YOUR OBJECTIVE: Keep to the lines from the one with "A person holds" through the end of the data, and write them out exactly.

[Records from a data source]
- Opening Delimiter -

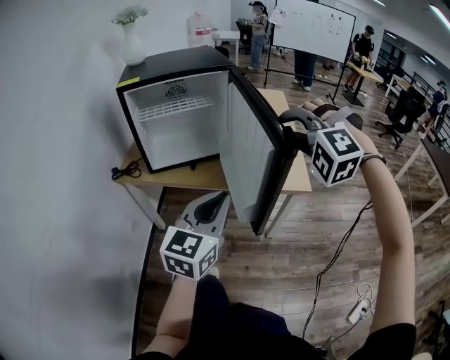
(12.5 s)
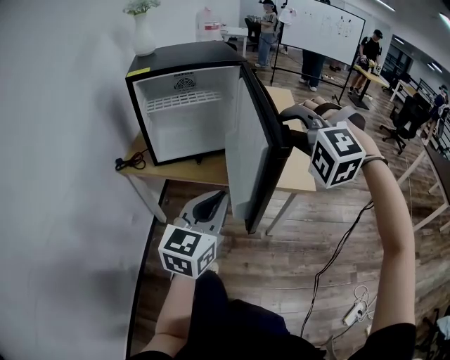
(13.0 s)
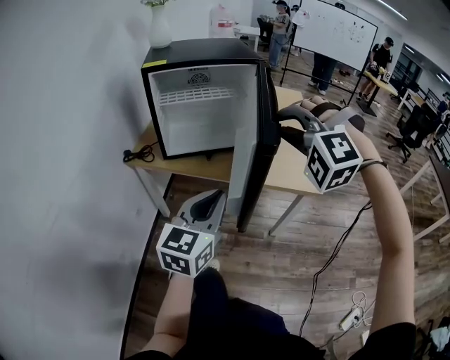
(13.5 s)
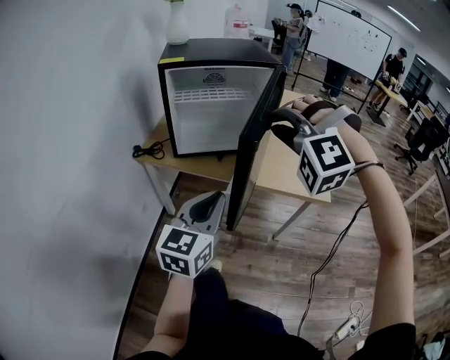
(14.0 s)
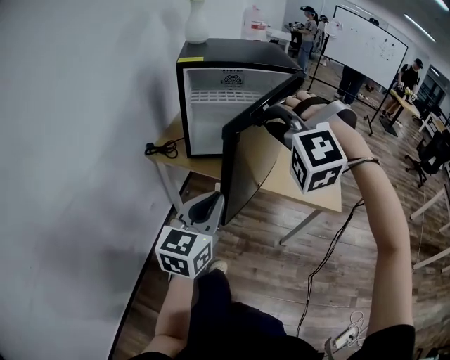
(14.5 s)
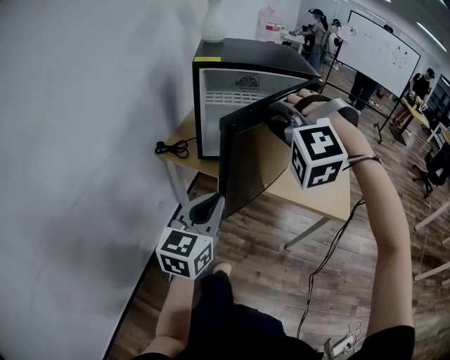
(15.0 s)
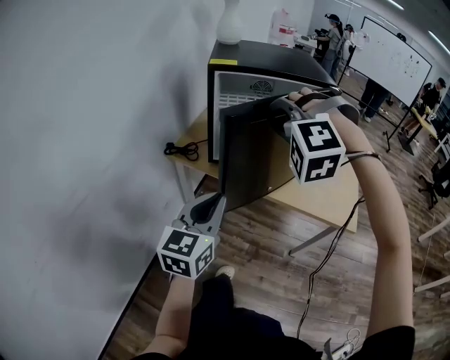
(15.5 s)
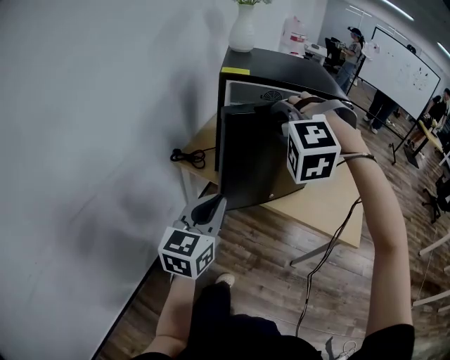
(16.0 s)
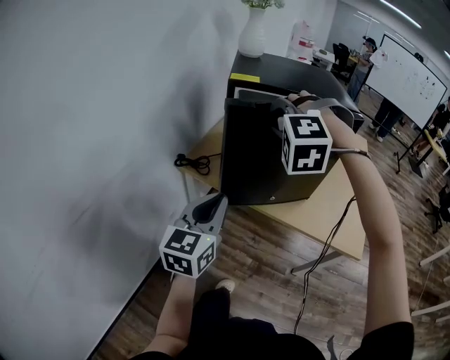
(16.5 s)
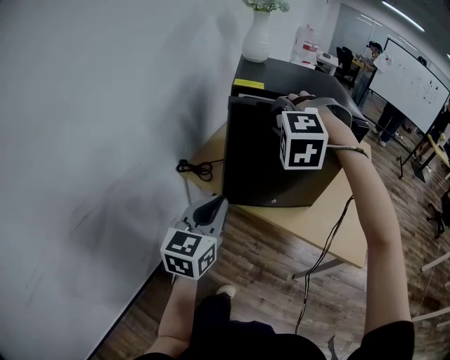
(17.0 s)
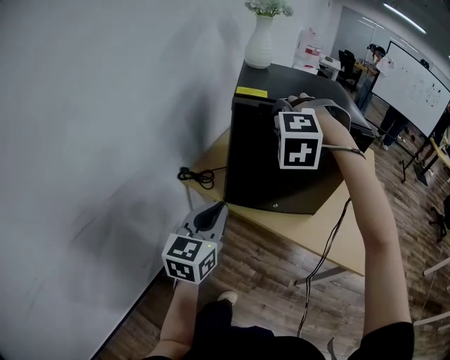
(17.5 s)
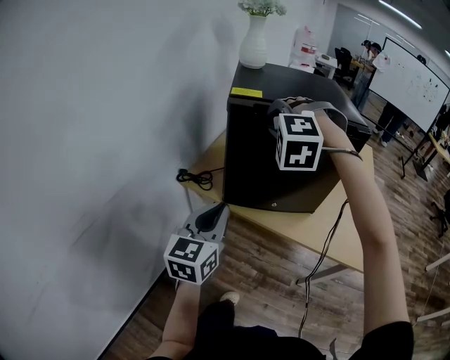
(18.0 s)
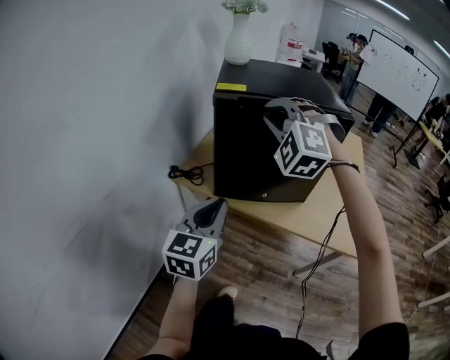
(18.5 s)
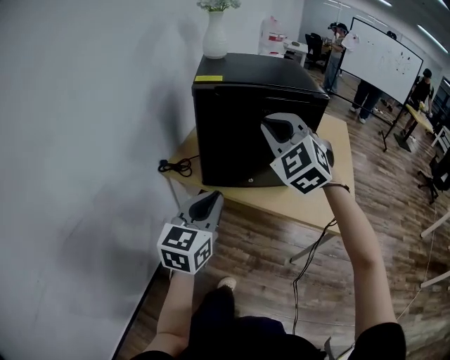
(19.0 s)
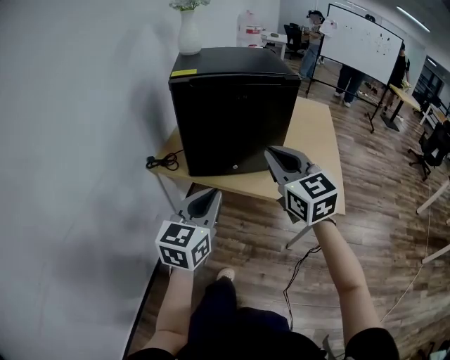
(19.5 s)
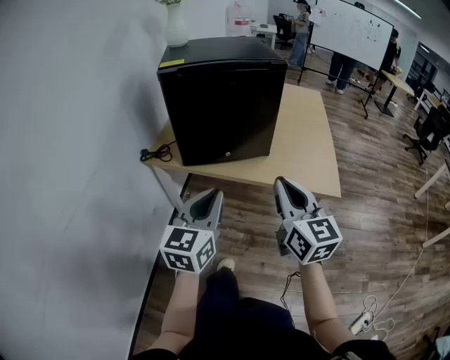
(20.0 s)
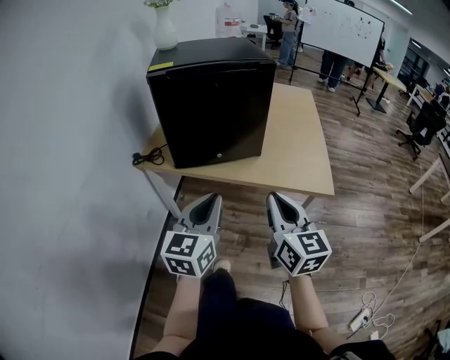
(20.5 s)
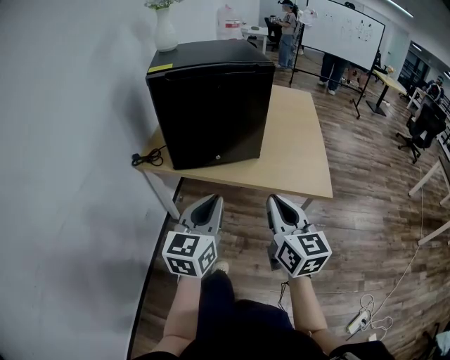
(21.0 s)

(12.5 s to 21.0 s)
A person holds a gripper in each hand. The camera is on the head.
12.5 s - 14.5 s: The two grippers go roughly 15 cm to the left.
14.5 s - 16.5 s: The left gripper shifts some 15 cm to the left and forward; the right gripper heads forward and to the left, covering some 20 cm.
16.5 s - 19.0 s: The left gripper shifts by about 5 cm. Meanwhile the right gripper goes approximately 5 cm to the right, and rotates around the line of its fingers by roughly 40 degrees, clockwise from behind.
19.0 s - 21.0 s: The right gripper travels backward, to the right and downward by approximately 30 cm, and twists approximately 60 degrees clockwise, seen from behind; the left gripper shifts roughly 10 cm to the right and backward.

- Closing Delimiter -

ANSWER BELOW:
A person holds a gripper in each hand. The camera is on the head.
12.5 s - 14.5 s: The two grippers go roughly 15 cm to the left.
14.5 s - 16.5 s: The left gripper shifts some 15 cm to the left and forward; the right gripper heads forward and to the left, covering some 20 cm.
16.5 s - 19.0 s: The left gripper shifts by about 5 cm. Meanwhile the right gripper goes approximately 5 cm to the right, and rotates around the line of its fingers by roughly 40 degrees, clockwise from behind.
19.0 s - 21.0 s: The right gripper travels backward, to the right and downward by approximately 30 cm, and twists approximately 60 degrees clockwise, seen from behind; the left gripper shifts roughly 10 cm to the right and backward.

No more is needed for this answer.